İsrail’in İran’a yönelik saldırıları sonrasında başlayan çatışmalar, yalnızca bölgesel değil, küresel ölçekte yankı uyandırdı. En büyük etkilerden biri ise dünyanın enerji nabzının attığı yerlerden biri olan Hürmüz Boğazı’nda hissediliyor.
Enerji Tedarik Zincirinin Kalbi
Hürmüz Boğazı, Suudi Arabistan ve Birleşik Arap Emirlikleri gibi dev petrol üreticilerinin ihracatında merkezi bir role sahip.
Günde yaklaşık 20 milyon varil petrol ve petrol ürününün geçtiği bu boğaz, dünya genelinde deniz yoluyla taşınan ham petrolün üçte birine ev sahipliği yapıyor. Aynı zamanda, küresel sıvılaştırılmış doğalgaz (LNG) ticaretinin de yaklaşık %20’si bu güzergah üzerinden gerçekleşiyor.
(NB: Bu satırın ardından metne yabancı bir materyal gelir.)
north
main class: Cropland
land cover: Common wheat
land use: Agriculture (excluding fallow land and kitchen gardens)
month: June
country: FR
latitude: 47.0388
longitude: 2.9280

Hürmüz Boğazı’ndan çıkan petrol ve LNG’nin büyük kısmı Çin, Hindistan, Japonya ve Güney Kore gibi Asya ülkelerine gönderiliyor. Bu nedenle, boğazdaki her türlü güvenlik riski, özellikle Asya'nın enerji arz güvenliği açısından büyük önem taşıyor.
Navlun Maliyetleri Yüzde 100 Arttı
Bölgede artan güvenlik endişeleri, petrol ve doğalgaz taşıyan gemiler için sigorta ve navlun maliyetlerini hızla yukarı çekti.
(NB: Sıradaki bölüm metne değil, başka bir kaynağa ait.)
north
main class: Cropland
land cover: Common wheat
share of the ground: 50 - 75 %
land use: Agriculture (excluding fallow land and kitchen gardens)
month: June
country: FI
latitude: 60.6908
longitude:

Özellikle Orta Doğu’dan Çin ve Japonya’ya giden petrol tankerlerinin navlun ücretlerinde yaklaşık %100 oranında artış yaşandı.
Bu da hem taşımacılık sektöründe ciddi maliyet baskısı yaratıyor hem de nihai tüketiciye ulaşan enerji fiyatlarında artış riskini beraberinde getiriyor.